### Task prompt
Leaving out pictures, output exactly the lines below from the one that has "loose? A: Tight." through the one that has "loose? A: Loose.", and nothing else.

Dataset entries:
= = = = = = =

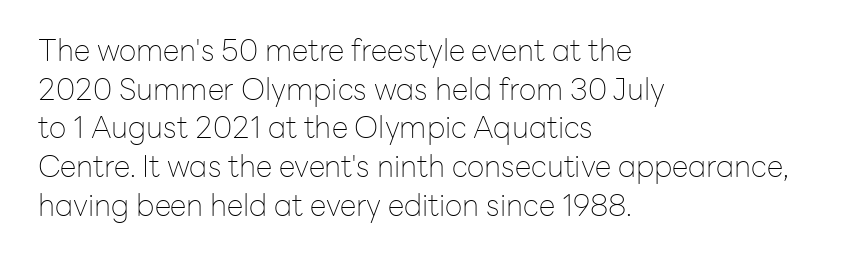
The image shows 30 px thin sans-serif type, upright; set left-aligned, normal line spacing (1.29x), normal letter spacing, not underlined; low stroke contrast and a medium x-height.
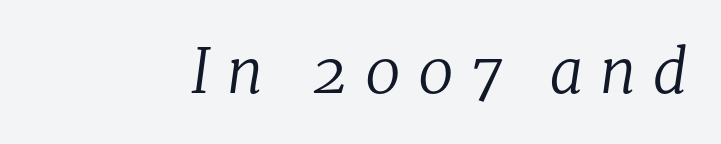
{"serif": "yes", "italic": "yes", "lean": "right", "slant_degrees": 8, "bold": "no", "weight": "regular", "width": "normal", "stroke_contrast": "low", "x_height": "medium", "monospaced": "no", "underline": "no", "letter_spacing": "wide", "letter_spacing_em": 0.27, "glyph_px": 60}
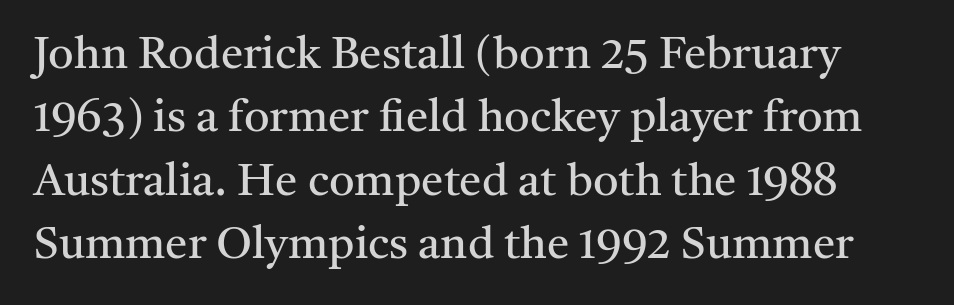
{"serif": "yes", "italic": "no", "bold": "no", "weight": "regular", "width": "normal", "stroke_contrast": "medium", "x_height": "medium", "monospaced": "no", "underline": "no", "line_spacing": "normal", "line_spacing_ratio": 1.41, "letter_spacing": "normal", "letter_spacing_em": 0.0, "glyph_px": 45}
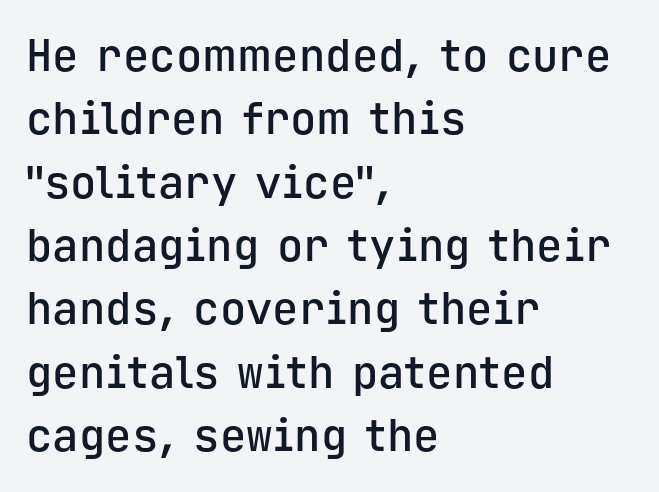
The image shows 44 px semibold sans-serif type, upright, monospaced; set left-aligned, normal line spacing (1.44x), normal letter spacing, not underlined; low stroke contrast and a medium x-height.
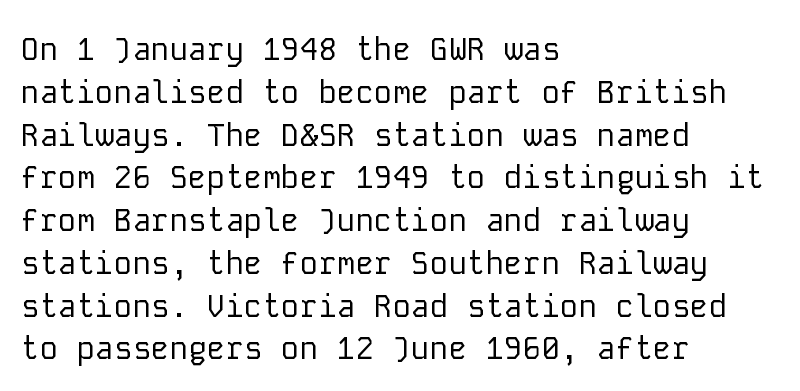
The image shows 31 px regular-weight sans-serif type, upright, monospaced; set left-aligned, normal line spacing (1.38x), normal letter spacing, not underlined; low stroke contrast and a medium x-height.
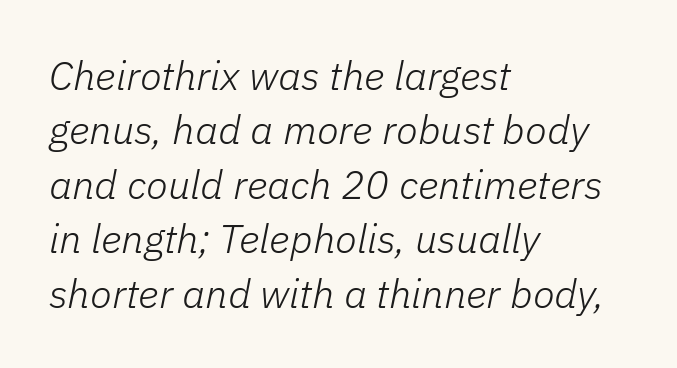
You could call the tracking neutral — neither tight nor loose. Spacing verdict: proportional, widths tailored to each character. Successive baselines arrive at the customary interval. Unbolded letterforms with no extra heft. Type without underlining. This is oblique type, the kind used for emphasis or titles.
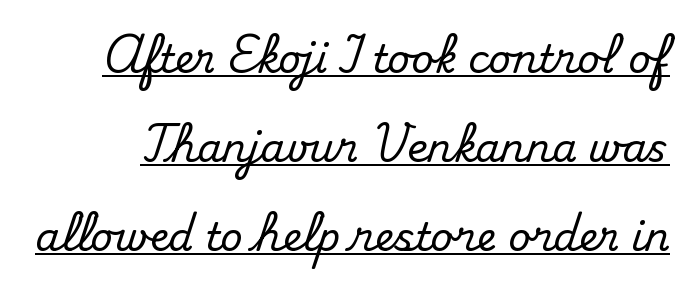
{"serif": "yes", "width": "normal", "stroke_contrast": "medium", "x_height": "small", "monospaced": "no", "underline": "yes", "line_spacing": "loose", "line_spacing_ratio": 2.28, "letter_spacing": "normal", "letter_spacing_em": 0.0, "glyph_px": 39}
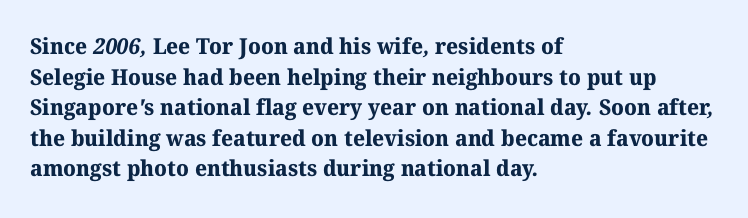
Which margin do the lines hug? The left one — the right edge is uneven. Default kerning and tracking; the words read as compact shapes. The foot of each line stays bare and open. Baseline-to-baseline distance is the conventional proportion of letter height.
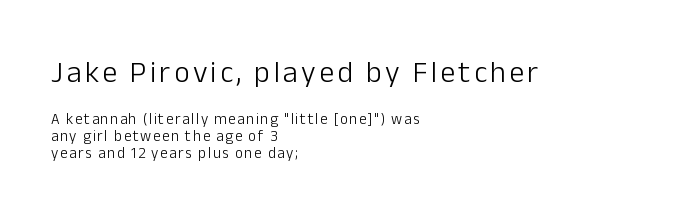
Q: Is the text bold? A: No.
Q: Is the text italic (slanted)? A: No, it is upright.
Q: Is the typeface a serif or a sans-serif typeface? A: Sans-serif.
Q: Is the text underlined? A: No.
Q: How is the paragraph aligned? A: Left-aligned.
Q: Is the spacing between lines tight, normal or loose? A: Tight.
Q: Which block of text is set in a larger size, the first (top) or the second (bottom)? A: The first (top) one.
Q: Width (condensed, normal, or wide)? A: Normal.
Q: Stroke contrast? A: Low.
Q: x-height? A: Medium.
Q: Monospaced? A: No.
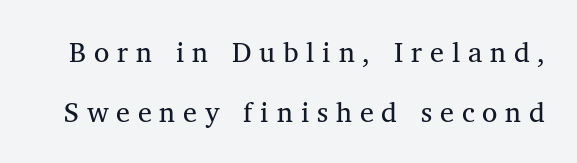
Q: Is the text bold? A: No.
Q: Is the text italic (slanted)? A: No, it is upright.
Q: Is the typeface a serif or a sans-serif typeface? A: Serif.
Q: Is the text underlined? A: No.
Q: Is the spacing between letters normal or unusually wide? A: Unusually wide.
Q: Is the spacing between lines tight, normal or loose? A: Loose.
Q: Width (condensed, normal, or wide)? A: Normal.
Q: Stroke contrast? A: Medium.
Q: x-height? A: Medium.
Q: Monospaced? A: No.
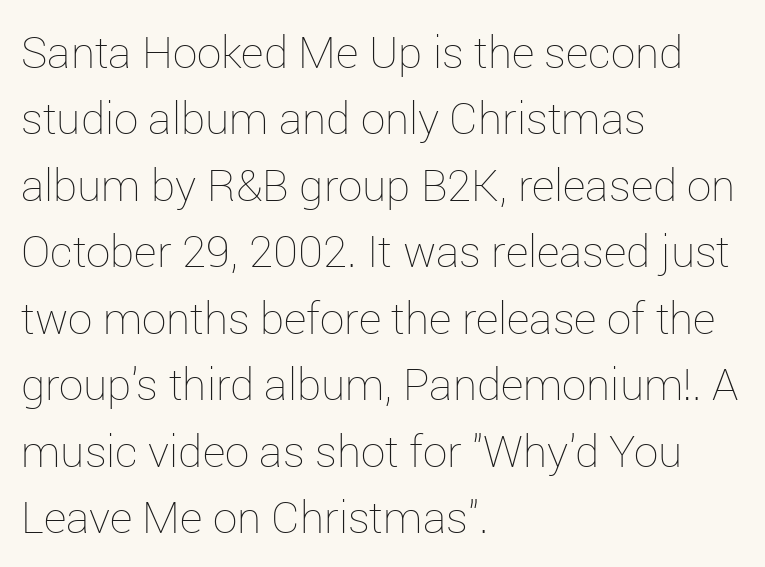
{"italic": "no", "bold": "no", "weight": "thin", "width": "normal", "stroke_contrast": "low", "x_height": "medium", "monospaced": "no", "underline": "no", "align": "left", "line_spacing": "normal", "line_spacing_ratio": 1.51, "letter_spacing": "normal", "letter_spacing_em": 0.0, "glyph_px": 44}
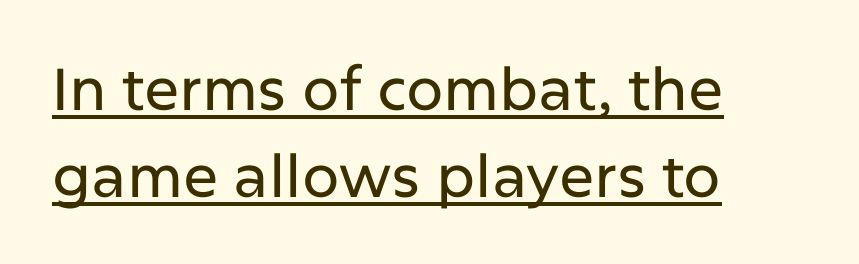
Q: Is the text italic (slanted)? A: No, it is upright.
Q: Is the typeface a serif or a sans-serif typeface? A: Sans-serif.
Q: Is the text underlined? A: Yes.
Q: How is the paragraph aligned? A: Left-aligned.
Q: Is the spacing between letters normal or unusually wide? A: Normal.
Q: Is the spacing between lines tight, normal or loose? A: Normal.
Q: Width (condensed, normal, or wide)? A: Normal.
Q: Stroke contrast? A: Low.
Q: x-height? A: Medium.
Q: Monospaced? A: No.
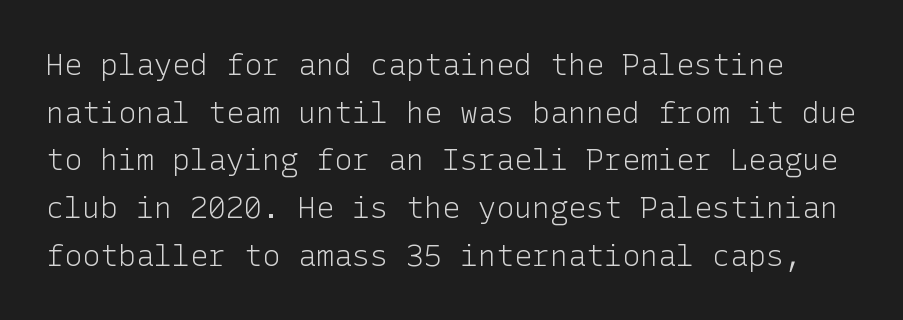
{"serif": "no", "italic": "no", "bold": "no", "weight": "light", "width": "normal", "stroke_contrast": "low", "x_height": "medium", "underline": "no", "line_spacing": "normal", "line_spacing_ratio": 1.59, "letter_spacing": "normal", "letter_spacing_em": 0.0, "glyph_px": 30}
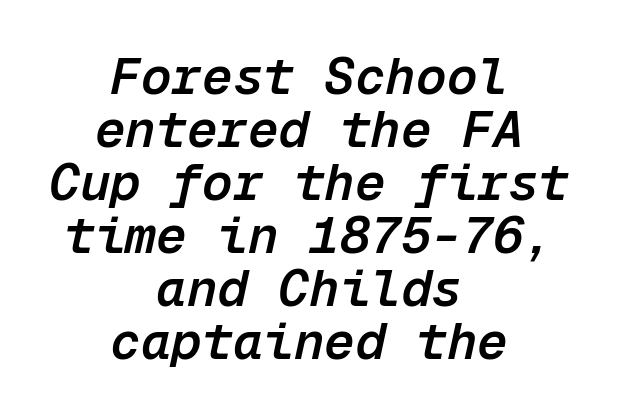
{"italic": "yes", "lean": "right", "slant_degrees": 12, "bold": "semi", "weight": "semibold", "width": "normal", "stroke_contrast": "low", "x_height": "medium", "monospaced": "yes", "underline": "no", "align": "center", "line_spacing": "tight", "line_spacing_ratio": 1.04, "letter_spacing": "normal", "letter_spacing_em": 0.0, "glyph_px": 51}

= = = = = = =

### Task solution
Q: Is the spacing between lines tight, normal or loose? A: Tight.
Q: Which block of text is set in a larger size, the first (top) or the second (bottom)? A: The first (top) one.
Q: Width (condensed, normal, or wide)? A: Normal.
Q: Stroke contrast? A: Low.
Q: x-height? A: Medium.
Q: Monospaced? A: No.
Q: Is the text bold? A: No.
Q: Is the text italic (slanted)? A: No, it is upright.
Q: Is the typeface a serif or a sans-serif typeface? A: Serif.
Q: Is the text underlined? A: No.
Q: Is the spacing between letters normal or unusually wide? A: Unusually wide.
Q: Is the spacing between lines tight, normal or loose? A: Loose.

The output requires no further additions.